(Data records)
◇ ◇ ◇ ◇ ◇
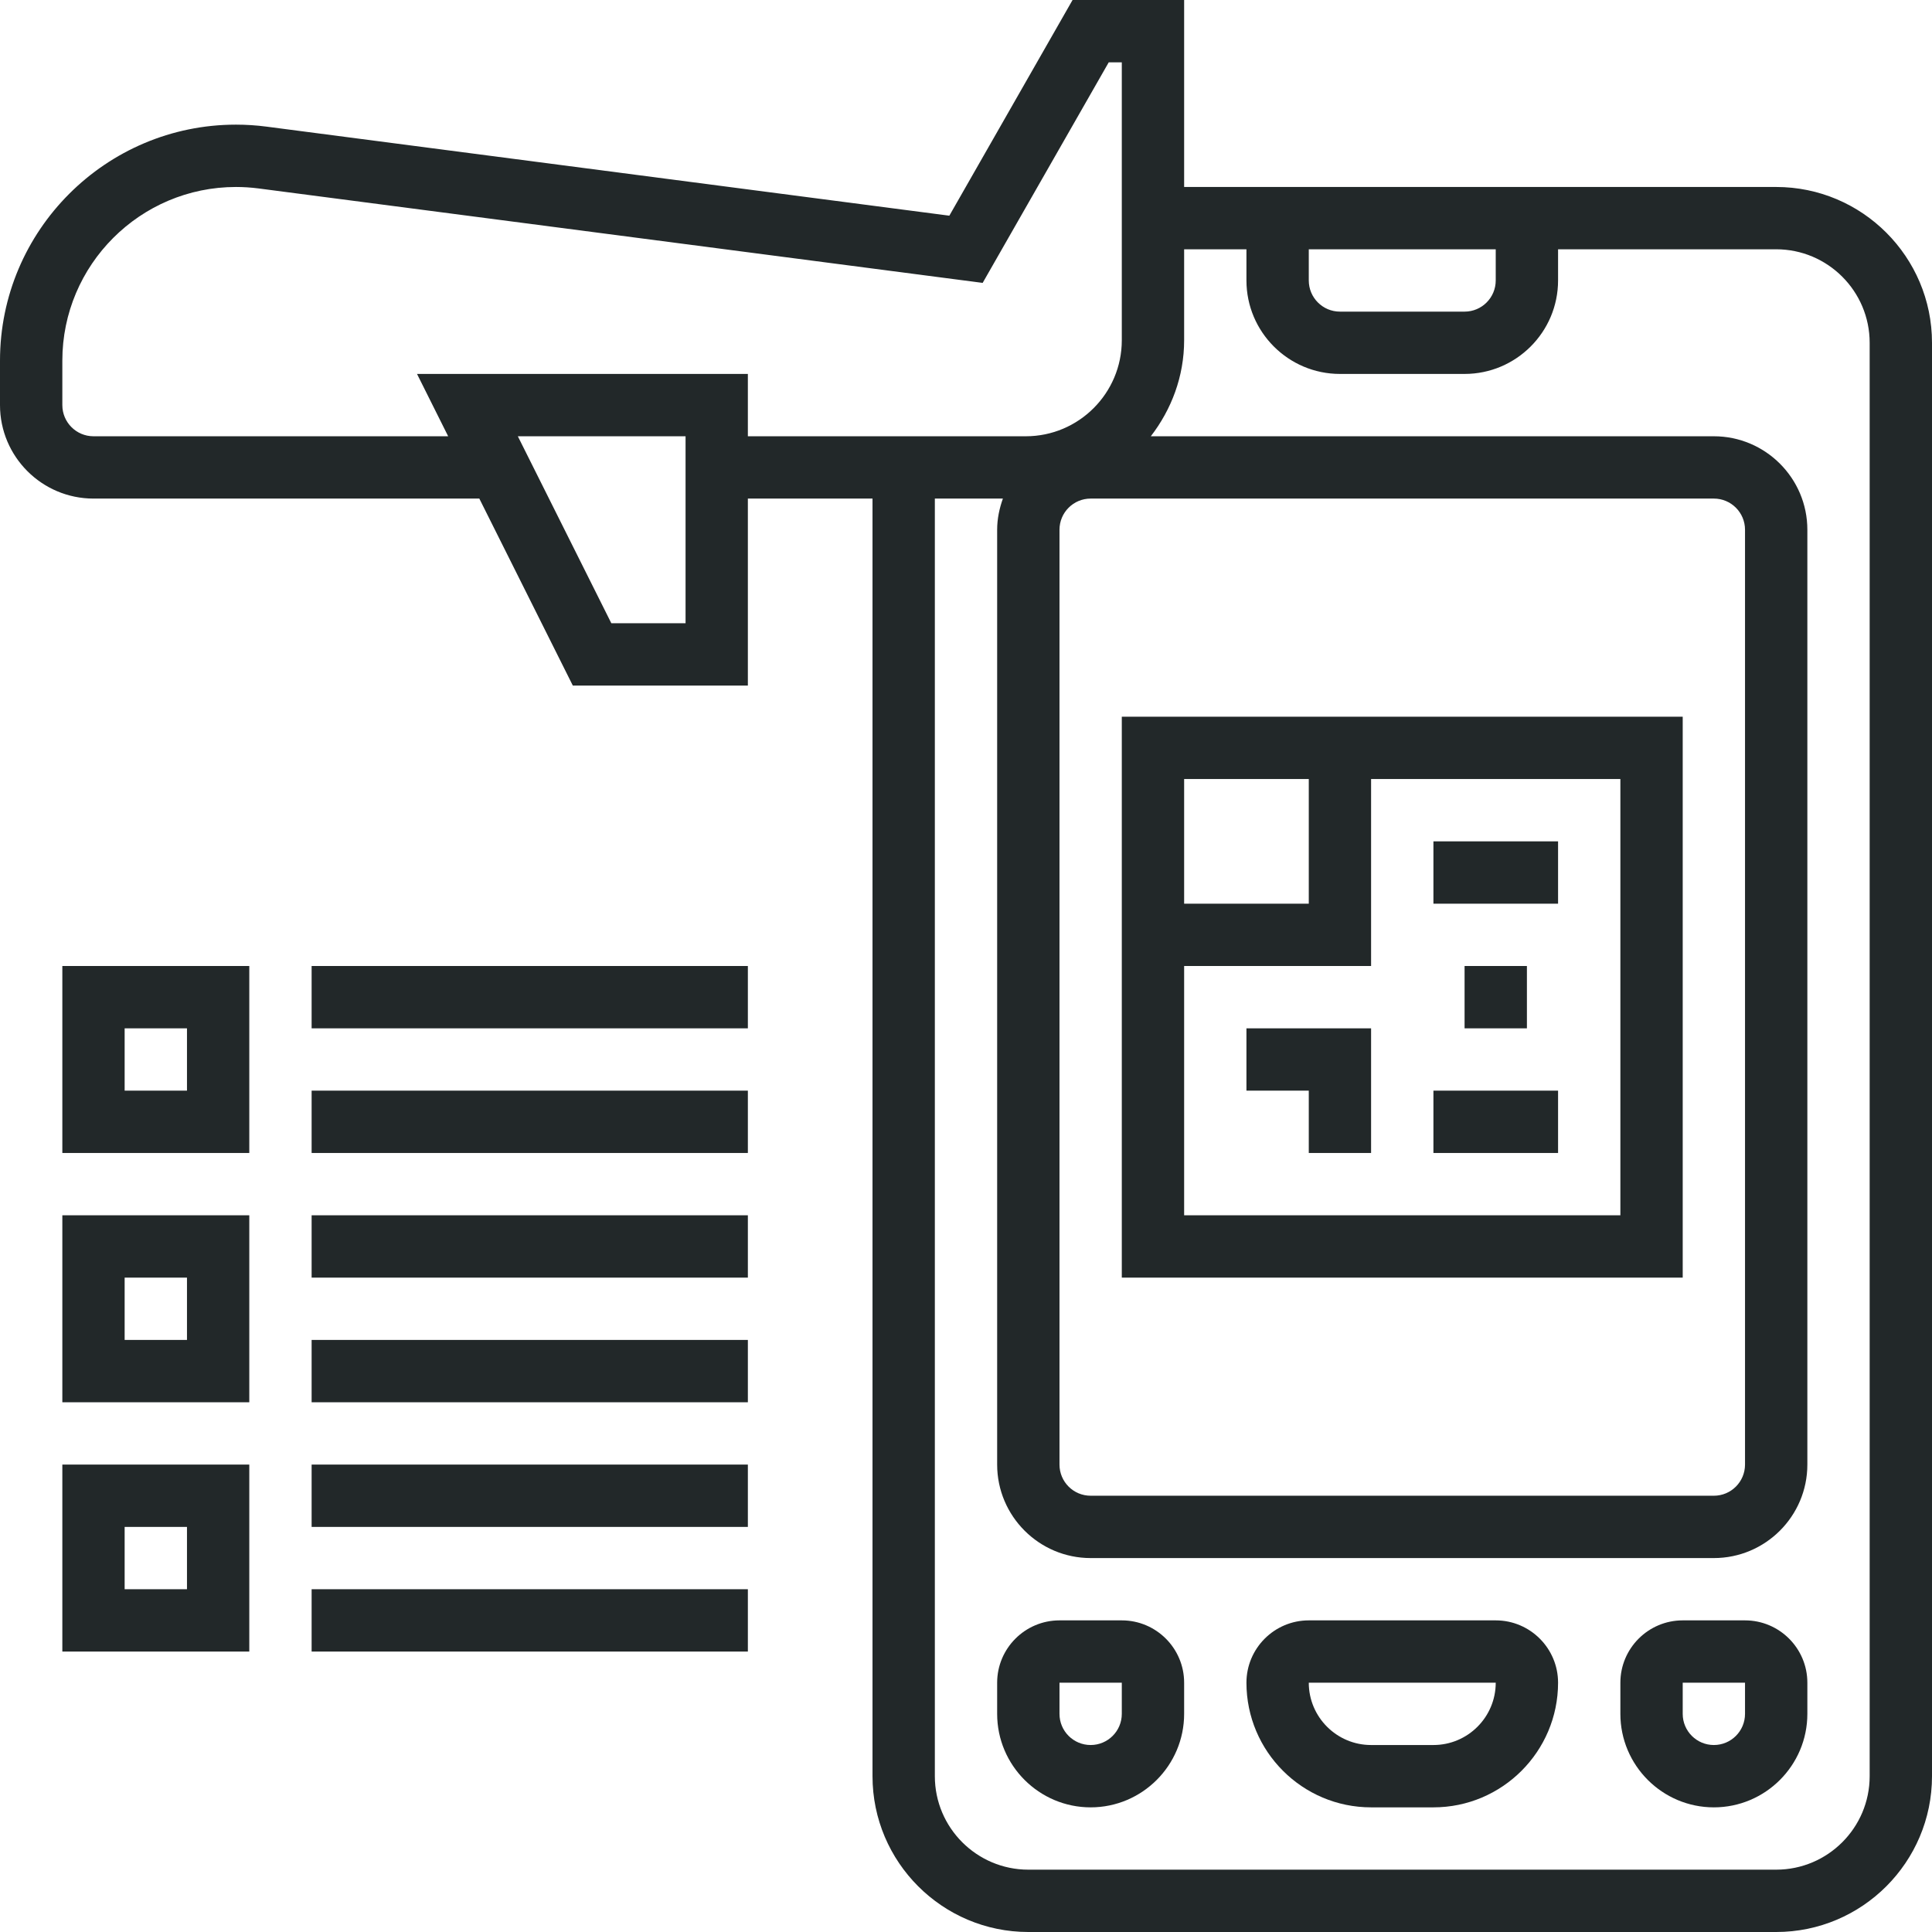 <svg width="64" height="64" viewBox="0 0 64 64" fill="none" xmlns="http://www.w3.org/2000/svg">
<path d="M49.548 53.677H43.355C42.216 53.677 41.29 54.603 41.29 55.742C41.29 58.019 43.142 59.871 45.419 59.871H47.484C49.761 59.871 51.613 58.019 51.613 55.742C51.613 54.603 50.687 53.677 49.548 53.677ZM47.484 57.806H45.419C44.281 57.806 43.355 56.88 43.355 55.742H49.548C49.548 56.88 48.623 57.806 47.484 57.806Z" fill="#222829"/>
<path d="M57.806 53.677H55.742C54.603 53.677 53.677 54.603 53.677 55.742V56.774C53.677 58.481 55.067 59.871 56.774 59.871C58.481 59.871 59.871 58.481 59.871 56.774V55.742C59.871 54.603 58.945 53.677 57.806 53.677ZM57.806 56.774C57.806 57.344 57.344 57.806 56.774 57.806C56.204 57.806 55.742 57.344 55.742 56.774V55.742H57.806V56.774Z" fill="#222829"/>
<path d="M37.161 53.677H35.097C33.958 53.677 33.032 54.603 33.032 55.742V56.774C33.032 58.481 34.422 59.871 36.129 59.871C37.836 59.871 39.226 58.481 39.226 56.774V55.742C39.226 54.603 38.3 53.677 37.161 53.677ZM37.161 56.774C37.161 57.344 36.699 57.806 36.129 57.806C35.559 57.806 35.097 57.344 35.097 56.774V55.742H37.161V56.774Z" fill="#222829"/>
<path d="M58.839 6.194H39.226V0H35.53L31.448 7.145L8.83 4.195C8.494 4.151 8.156 4.129 7.817 4.129C3.507 4.129 0 7.636 0 11.946V13.419C0 15.127 1.389 16.516 3.097 16.516H15.878L18.975 22.71H24.774V16.516H28.903V58.839C28.903 61.685 31.219 64 34.065 64H58.839C61.685 64 64 61.685 64 58.839V11.355C64 8.509 61.685 6.194 58.839 6.194ZM43.355 8.258H49.548V9.29C49.548 9.86 49.086 10.323 48.516 10.323H44.387C43.817 10.323 43.355 9.86 43.355 9.29V8.258ZM22.71 20.645H20.251L17.154 14.452H22.71V20.645ZM13.814 12.387L14.846 14.452H3.097C2.527 14.452 2.065 13.989 2.065 13.419V11.946C2.065 8.774 4.645 6.194 7.817 6.194C8.065 6.194 8.313 6.21 8.562 6.242L32.552 9.371L36.728 2.065H37.161V11.271C37.161 13.025 35.735 14.452 33.981 14.452H24.774V12.387H13.814ZM35.097 17.548C35.097 16.979 35.559 16.516 36.129 16.516H56.774C57.344 16.516 57.806 16.979 57.806 17.548V48.516C57.806 49.086 57.344 49.548 56.774 49.548H36.129C35.559 49.548 35.097 49.086 35.097 48.516V17.548ZM61.935 58.839C61.935 60.546 60.546 61.935 58.839 61.935H34.065C32.357 61.935 30.968 60.546 30.968 58.839V16.516H33.222C33.107 16.84 33.032 17.185 33.032 17.548V48.516C33.032 50.224 34.422 51.613 36.129 51.613H56.774C58.481 51.613 59.871 50.224 59.871 48.516V17.548C59.871 15.841 58.481 14.452 56.774 14.452H38.122C38.804 13.567 39.226 12.472 39.226 11.271V8.258H41.29V9.29C41.29 10.998 42.68 12.387 44.387 12.387H48.516C50.224 12.387 51.613 10.998 51.613 9.29V8.258H58.839C60.546 8.258 61.935 9.647 61.935 11.355V58.839Z" fill="#222829"/>
<path d="M55.742 23.742H37.161V42.323H55.742V23.742ZM43.355 25.806V29.936H39.226V25.806H43.355ZM53.677 40.258H39.226V32H45.419V25.806H53.677V40.258Z" fill="#222829"/>
<path d="M47.484 27.871H51.613V29.936H47.484V27.871Z" fill="#222829"/>
<path d="M48.516 32H50.581V34.065H48.516V32Z" fill="#222829"/>
<path d="M41.29 36.129H43.355V38.194H45.419V34.065H41.29V36.129Z" fill="#222829"/>
<path d="M47.484 36.129H51.613V38.194H47.484V36.129Z" fill="#222829"/>
<path d="M2.065 38.194H8.258V32H2.065V38.194ZM4.129 34.065H6.194V36.129H4.129V34.065Z" fill="#222829"/>
<path d="M10.323 32H24.774V34.065H10.323V32Z" fill="#222829"/>
<path d="M10.323 36.129H24.774V38.194H10.323V36.129Z" fill="#222829"/>
<path d="M2.065 46.452H8.258V40.258H2.065V46.452ZM4.129 42.323H6.194V44.387H4.129V42.323Z" fill="#222829"/>
<path d="M10.323 40.258H24.774V42.323H10.323V40.258Z" fill="#222829"/>
<path d="M10.323 44.387H24.774V46.452H10.323V44.387Z" fill="#222829"/>
<path d="M2.065 54.71H8.258V48.516H2.065V54.71ZM4.129 50.581H6.194V52.645H4.129V50.581Z" fill="#222829"/>
<path d="M10.323 48.516H24.774V50.581H10.323V48.516Z" fill="#222829"/>
<path d="M10.323 52.645H24.774V54.71H10.323V52.645Z" fill="#222829"/>
</svg>
◇ ◇ ◇ ◇ ◇
Line for line, restate the data above and omit every picture.

§ **Answer below**:
 <svg width="64" height="64" viewBox="0 0 64 64" fill="none" xmlns="http://www.w3.org/2000/svg">
<path d="M49.548 53.677H43.355C42.216 53.677 41.29 54.603 41.29 55.742C41.29 58.019 43.142 59.871 45.419 59.871H47.484C49.761 59.871 51.613 58.019 51.613 55.742C51.613 54.603 50.687 53.677 49.548 53.677ZM47.484 57.806H45.419C44.281 57.806 43.355 56.88 43.355 55.742H49.548C49.548 56.88 48.623 57.806 47.484 57.806Z" fill="#222829"/>
<path d="M57.806 53.677H55.742C54.603 53.677 53.677 54.603 53.677 55.742V56.774C53.677 58.481 55.067 59.871 56.774 59.871C58.481 59.871 59.871 58.481 59.871 56.774V55.742C59.871 54.603 58.945 53.677 57.806 53.677ZM57.806 56.774C57.806 57.344 57.344 57.806 56.774 57.806C56.204 57.806 55.742 57.344 55.742 56.774V55.742H57.806V56.774Z" fill="#222829"/>
<path d="M37.161 53.677H35.097C33.958 53.677 33.032 54.603 33.032 55.742V56.774C33.032 58.481 34.422 59.871 36.129 59.871C37.836 59.871 39.226 58.481 39.226 56.774V55.742C39.226 54.603 38.3 53.677 37.161 53.677ZM37.161 56.774C37.161 57.344 36.699 57.806 36.129 57.806C35.559 57.806 35.097 57.344 35.097 56.774V55.742H37.161V56.774Z" fill="#222829"/>
<path d="M58.839 6.194H39.226V0H35.53L31.448 7.145L8.83 4.195C8.494 4.151 8.156 4.129 7.817 4.129C3.507 4.129 0 7.636 0 11.946V13.419C0 15.127 1.389 16.516 3.097 16.516H15.878L18.975 22.71H24.774V16.516H28.903V58.839C28.903 61.685 31.219 64 34.065 64H58.839C61.685 64 64 61.685 64 58.839V11.355C64 8.509 61.685 6.194 58.839 6.194ZM43.355 8.258H49.548V9.29C49.548 9.86 49.086 10.323 48.516 10.323H44.387C43.817 10.323 43.355 9.86 43.355 9.29V8.258ZM22.71 20.645H20.251L17.154 14.452H22.71V20.645ZM13.814 12.387L14.846 14.452H3.097C2.527 14.452 2.065 13.989 2.065 13.419V11.946C2.065 8.774 4.645 6.194 7.817 6.194C8.065 6.194 8.313 6.21 8.562 6.242L32.552 9.371L36.728 2.065H37.161V11.271C37.161 13.025 35.735 14.452 33.981 14.452H24.774V12.387H13.814ZM35.097 17.548C35.097 16.979 35.559 16.516 36.129 16.516H56.774C57.344 16.516 57.806 16.979 57.806 17.548V48.516C57.806 49.086 57.344 49.548 56.774 49.548H36.129C35.559 49.548 35.097 49.086 35.097 48.516V17.548ZM61.935 58.839C61.935 60.546 60.546 61.935 58.839 61.935H34.065C32.357 61.935 30.968 60.546 30.968 58.839V16.516H33.222C33.107 16.84 33.032 17.185 33.032 17.548V48.516C33.032 50.224 34.422 51.613 36.129 51.613H56.774C58.481 51.613 59.871 50.224 59.871 48.516V17.548C59.871 15.841 58.481 14.452 56.774 14.452H38.122C38.804 13.567 39.226 12.472 39.226 11.271V8.258H41.29V9.29C41.29 10.998 42.68 12.387 44.387 12.387H48.516C50.224 12.387 51.613 10.998 51.613 9.29V8.258H58.839C60.546 8.258 61.935 9.647 61.935 11.355V58.839Z" fill="#222829"/>
<path d="M55.742 23.742H37.161V42.323H55.742V23.742ZM43.355 25.806V29.936H39.226V25.806H43.355ZM53.677 40.258H39.226V32H45.419V25.806H53.677V40.258Z" fill="#222829"/>
<path d="M47.484 27.871H51.613V29.936H47.484V27.871Z" fill="#222829"/>
<path d="M48.516 32H50.581V34.065H48.516V32Z" fill="#222829"/>
<path d="M41.29 36.129H43.355V38.194H45.419V34.065H41.29V36.129Z" fill="#222829"/>
<path d="M47.484 36.129H51.613V38.194H47.484V36.129Z" fill="#222829"/>
<path d="M2.065 38.194H8.258V32H2.065V38.194ZM4.129 34.065H6.194V36.129H4.129V34.065Z" fill="#222829"/>
<path d="M10.323 32H24.774V34.065H10.323V32Z" fill="#222829"/>
<path d="M10.323 36.129H24.774V38.194H10.323V36.129Z" fill="#222829"/>
<path d="M2.065 46.452H8.258V40.258H2.065V46.452ZM4.129 42.323H6.194V44.387H4.129V42.323Z" fill="#222829"/>
<path d="M10.323 40.258H24.774V42.323H10.323V40.258Z" fill="#222829"/>
<path d="M10.323 44.387H24.774V46.452H10.323V44.387Z" fill="#222829"/>
<path d="M2.065 54.71H8.258V48.516H2.065V54.71ZM4.129 50.581H6.194V52.645H4.129V50.581Z" fill="#222829"/>
<path d="M10.323 48.516H24.774V50.581H10.323V48.516Z" fill="#222829"/>
<path d="M10.323 52.645H24.774V54.71H10.323V52.645Z" fill="#222829"/>
</svg>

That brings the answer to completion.